Der EuGH räumt dem Unionsrecht in ständiger Rechtsprechung (Grundsatzentscheidung Costa/ENEL) den Vorrang ein. Aus dem EUV folge, dass keine innerstaatlichen Rechtsvorschriften dem Europarecht vorgehen könnten. Die Mitgliedstaaten hätten durch den EUV eine endgültige Beschränkung ihrer Hoheitsrechte bewirkt, die durch spätere, einseitige, mit dem Gemeinschaftsbegriff unvereinbare Maßnahmen nicht rückgängig gemacht werden könne.
Daraus folgt, dass aus Sicht des EuGH nationale Rechtsvorschriften (und zwar jeder Art, d.h. abstrakt-generell und konkret-individuell) unanwendbar sind, wenn und soweit sie im Einzelfall einer unmittelbar anwendbaren Bestimmung des Unionsrechts (Primärrecht oder Sekundärrecht) entgegenstehen. Die mitgliedstaatlichen Behörden und Gerichte dürfen dann entgegenstehende innerstaatliche Vorschriften nicht anwenden.

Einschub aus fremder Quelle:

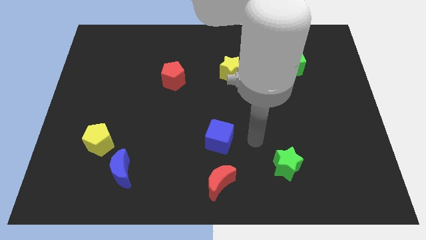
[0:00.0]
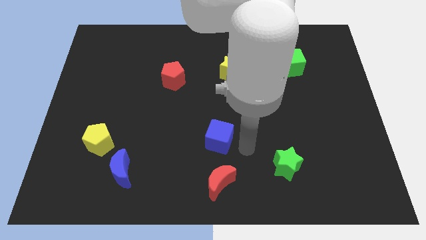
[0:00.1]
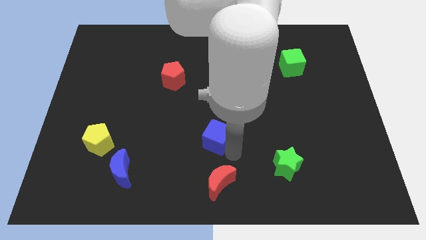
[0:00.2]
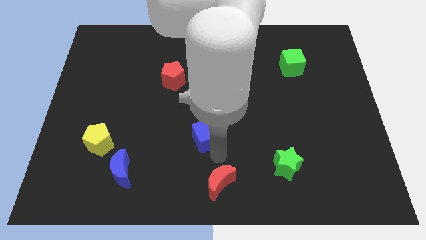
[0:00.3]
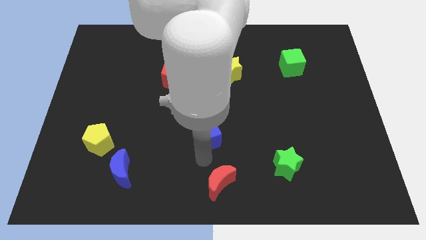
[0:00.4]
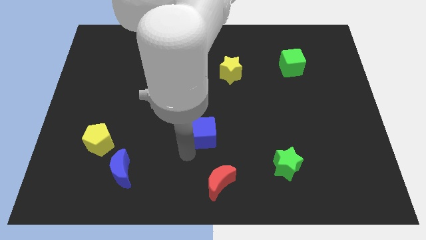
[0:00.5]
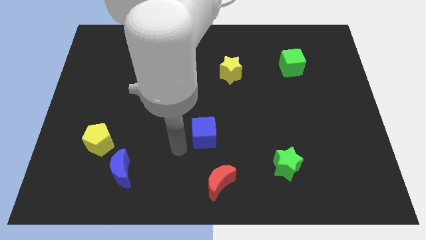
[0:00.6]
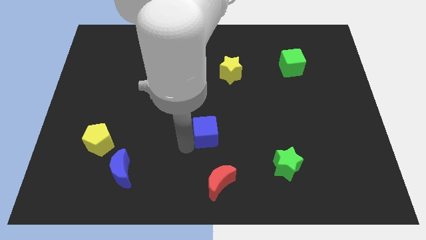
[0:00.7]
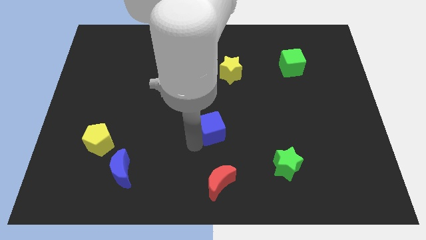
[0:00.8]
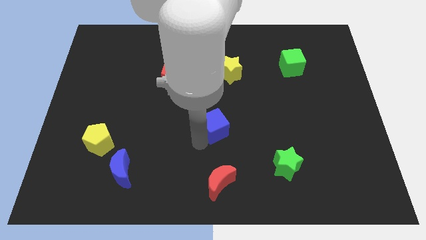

Daraus ergibt sich aber nicht die Nichtigkeit der innerstaatlichen Regelung. Vielmehr greift hier der Anwendungsvorrang. Nationales Recht bleibt weiter gültig. Nur im konkreten Kollisionsfall wird es nicht angewendet.
Das nationale Recht ist kann auch rechtmäßig sein, wenn es dem Unionsrecht widerspricht. Es ist immer nur an dem nationalen höherrangigen Recht zu messen.